Though it's easy to laugh about now, John is moved to a caveat, telling me that he's "quite sane, it just seemed a lot easier than the cost and wait to see a dentist". He's by no means the only one who feels the same; several others I speak with offer the same analysis – that the very idea of going to the dentist is equivalent to a luxury, not a right to be expected under the umbrella of universal healthcare. Of course, there are more lurid horror stories. Of teeth half-ripped off and grisly infections from botched self-inflicted procedures.

It's not that the existence of the DIY kits is sinister, in and of itself. They're a parasitic symptom, rather than the root cause of a deepening health inequality across the UK. One that doesn’t necessarily run across the fault lines of the north/south divide, or pour most of its misery into a single at-risk group. Though, when it comes to dentistry, you’re marginally better off in Scotland or Northern Ireland, where examinations are at least free, even if the cost of treatment itself remains the same.

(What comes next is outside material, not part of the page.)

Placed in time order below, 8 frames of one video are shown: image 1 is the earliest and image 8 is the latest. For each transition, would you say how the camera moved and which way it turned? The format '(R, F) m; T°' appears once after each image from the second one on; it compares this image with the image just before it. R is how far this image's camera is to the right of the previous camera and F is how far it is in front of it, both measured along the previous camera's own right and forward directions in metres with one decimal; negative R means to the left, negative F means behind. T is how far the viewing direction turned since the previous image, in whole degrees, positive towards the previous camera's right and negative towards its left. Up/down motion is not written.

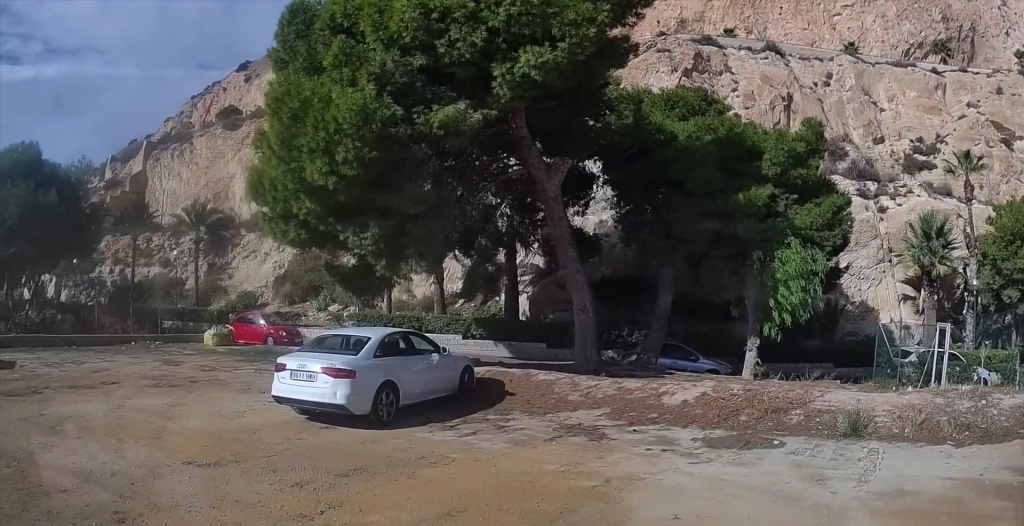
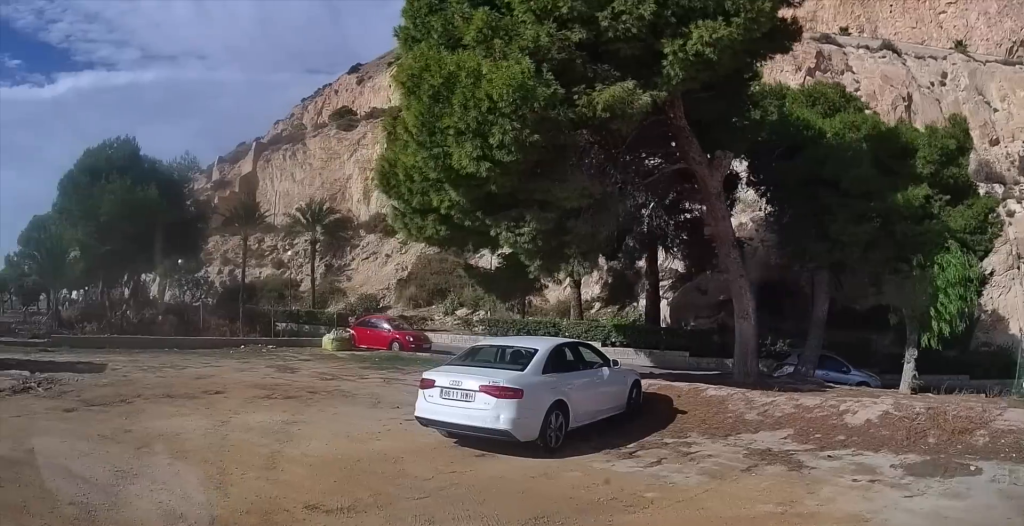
(-0.1, +1.5) m; -9°
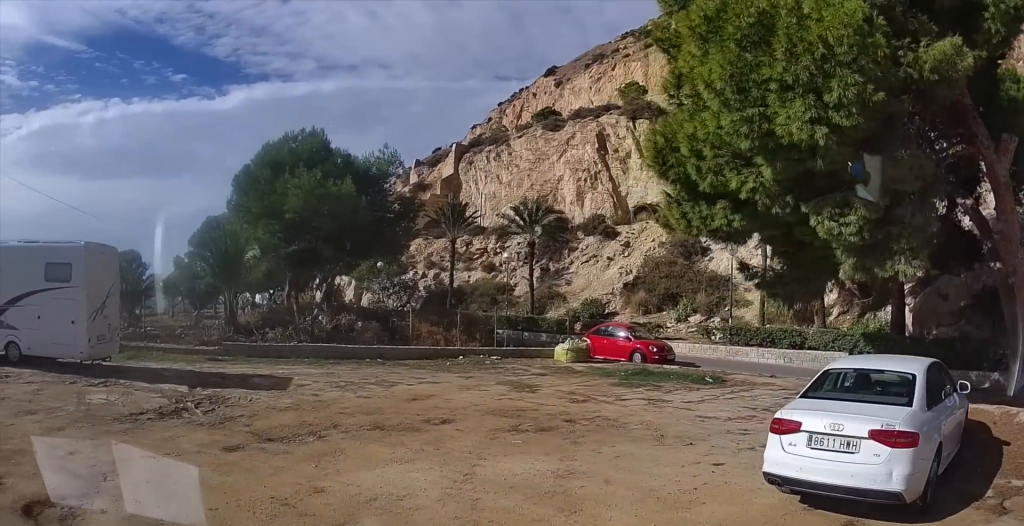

It's simple: the poorer you are, the less likely you are to access treatment. And as austerity entrenches, there are growing numbers who fall into that camp. As the NHS contracts have changed and prices risen, fewer people feel the costs outweigh the benefits; £20 for a check-up can be a little, or a lot – and dental health can quickly fall in priority when it's a choice between a filling or keeping the heating on for another month. So why not do it yourself, the logic dictates? One young woman I speak with in London has used DIY kits for the best part of five years, whenever the need arises. "I don't have a spare £50, full stop. Let alone for my teeth," she tells me with a hollow laugh.

As the afternoon light starts to dim, I get chatting to Simon, a wiry middle-aged man from just outside of Liverpool. He lives rough, though doesn't like the term rough sleeper. Simon takes his tent around the country, stopping along wherever feels comfortable or right. North in the summer months, winter in the south, with Trinity House providing some welcome temporary respite as the nighttime temperature begins to fall.

It's decent for now, he tells me, as "when you sleep outside, you have to sleep in your clothes as you never know what sort of madness is going to happen. It's nice to let your skin breath a bit." Simon's here because he broke his dentures eating an apple, over two years ago. He couldn't get them fixed before, he tells me, because they're posh ones he paid "quite a bit of money for". His peripatetic lifestyle meant that NHS treatment was out of the question, both in expense and in the administrative rigmarole involved. £600 was the quoted figure, just to replace the bottom set.

It's his first time at Dentaid, though it's a name he’s come across before. "It broke right where the implant receiver is, which meant you couldn't just glue it or take care of it yourself. I was in Tamworth, though I got them done in Aberdeen originally," he says. Though Simon’s first impulse would have been to DIY, it wasn’t feasible, in this instance. It was luck and circumstance that brought him here today, while he’s completely upfront in outlining how "self-medication" is his usual way of dealing with the pain.

For the fortunate, dentistry means cosmetic flourishes and the occasional necessary evil. For many, it has come to mean a nightmare of exclusion and sometimes self-inflicted pain. Though charities like Dentaid do an admirable and impressive job in fighting against the tide, their increasing indispensability is a damning reflection on a crumbling system. As with food banks, they speak of a basic kindness, while laying bare some of the most damning failures and avoidable cruelties of our state.